Closed rvweeren closed 1 year ago

rvweeren commented 8 years ago

At the moment we are using a two component model for 3C295. I thought this model was sufficiently detailed until I compared the amplitude solutions of this model against the selfcal solutions form factor. The amplitudes behave rather wild for the 3C295 two component model. Does anyone know if the long-baseline people have a better model/image for 3C295 ? (I though I remembered seeing an HBA image at some point made using international baselines…maybe from Adam Deller?)

(I think the flux-scale calibration for the most distant stations, RS310/509/210 is significantly affected, up to 50%, because of the limited model accuracy of the 3C295 model)

rvweeren commented 8 years ago

These are the amplitude solutions with the 2 component model of 3C295. Ideally these solutions are flat for each stations (as is the case for 3C196 with the model from Pandey). They are clearly not and this will cause flux-scale calibration problems for the distant RS stations.

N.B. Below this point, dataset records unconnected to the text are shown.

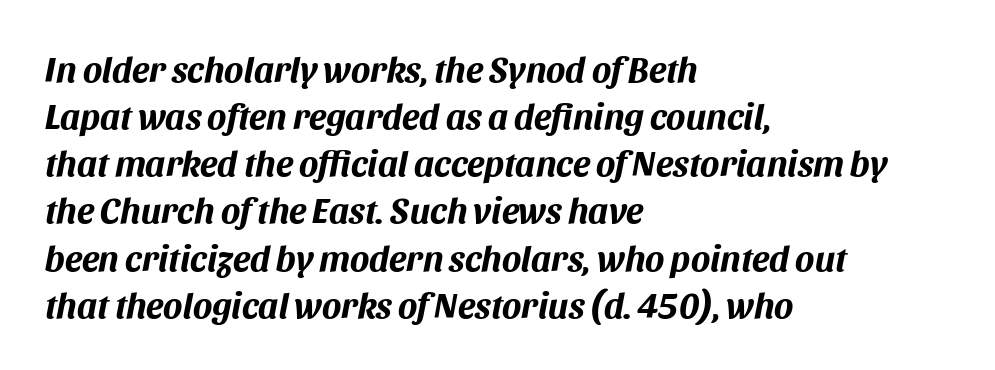
The image shows 36 px bold type, italic (leaning right); set left-aligned, normal line spacing (1.31x), normal letter spacing, not underlined; medium stroke contrast and a large x-height.
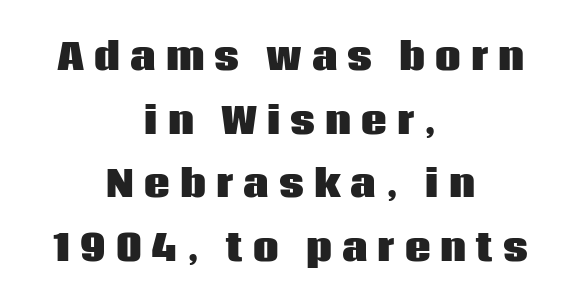
Q: Is the text bold? A: Yes.
Q: Is the text italic (slanted)? A: No, it is upright.
Q: Is the typeface a serif or a sans-serif typeface? A: Sans-serif.
Q: Is the text underlined? A: No.
Q: How is the paragraph aligned? A: Centered.
Q: Is the spacing between letters normal or unusually wide? A: Unusually wide.
Q: Width (condensed, normal, or wide)? A: Normal.
Q: Stroke contrast? A: Low.
Q: x-height? A: Large.
Q: Monospaced? A: No.

(this will likely also affect Clock-TEC fitting to some extent as the phase solutions will not be be correct on these long baselines)

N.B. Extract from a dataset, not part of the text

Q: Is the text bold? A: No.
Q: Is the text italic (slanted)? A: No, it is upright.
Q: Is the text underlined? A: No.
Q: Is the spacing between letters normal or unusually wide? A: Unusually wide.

l343226_sbgr025-10_uv dppp pre-cal_chunk9_12656e813t_0g make_selfcal_plots_amp_channel0.

twshimwell commented 8 years ago

Leah has a 8hr international baseline run on 3C295 and is in the process of making a model which could improve this.

lmorabit commented 8 years ago

Yes, I am working on this at the moment. Other people have requested it, and it's high on my to-do list. I have a model at the moment with using only baselines that contain international stations, so you just see the hot spots (which contain about 70% of the total flux). I still need to perform a proper multi-scale clean to recover the extended emission from the lobes.

rvweeren commented 8 years ago

I've experimented a bit with the Tier-1 (factor) data that has 3C295 relatively close to the pointing center. Since the source is very bright we should be able to get better resolution than the formal beam size. Attached image is from a first test run and shows the clean component model I obtained after running factor (I hacked the code to decrease the cell size and changed the weighting closer to uniform). This was only using data at 120-126 MHz so further improvement can be expected.

(this is already significantly better than the 2-component model we are using now)

3c295
AHorneffer commented 7 years ago

Is there news? Is there a new skymodel, that we could include in prefactor?

rvweeren commented 7 years ago

Not that I know (the long-baseline data is needed to make good model). Leah any update on this ?

lmorabit commented 7 years ago

I'm working on this with some long baseline observations, but it probably won't be ready for a couple of months.

Leah

On 4 Nov 2016 14:22, "Reinout van Weeren" notifications@github.com wrote:

Not that I know (the long-baseline data is needed to make good model). Leah any update on this ?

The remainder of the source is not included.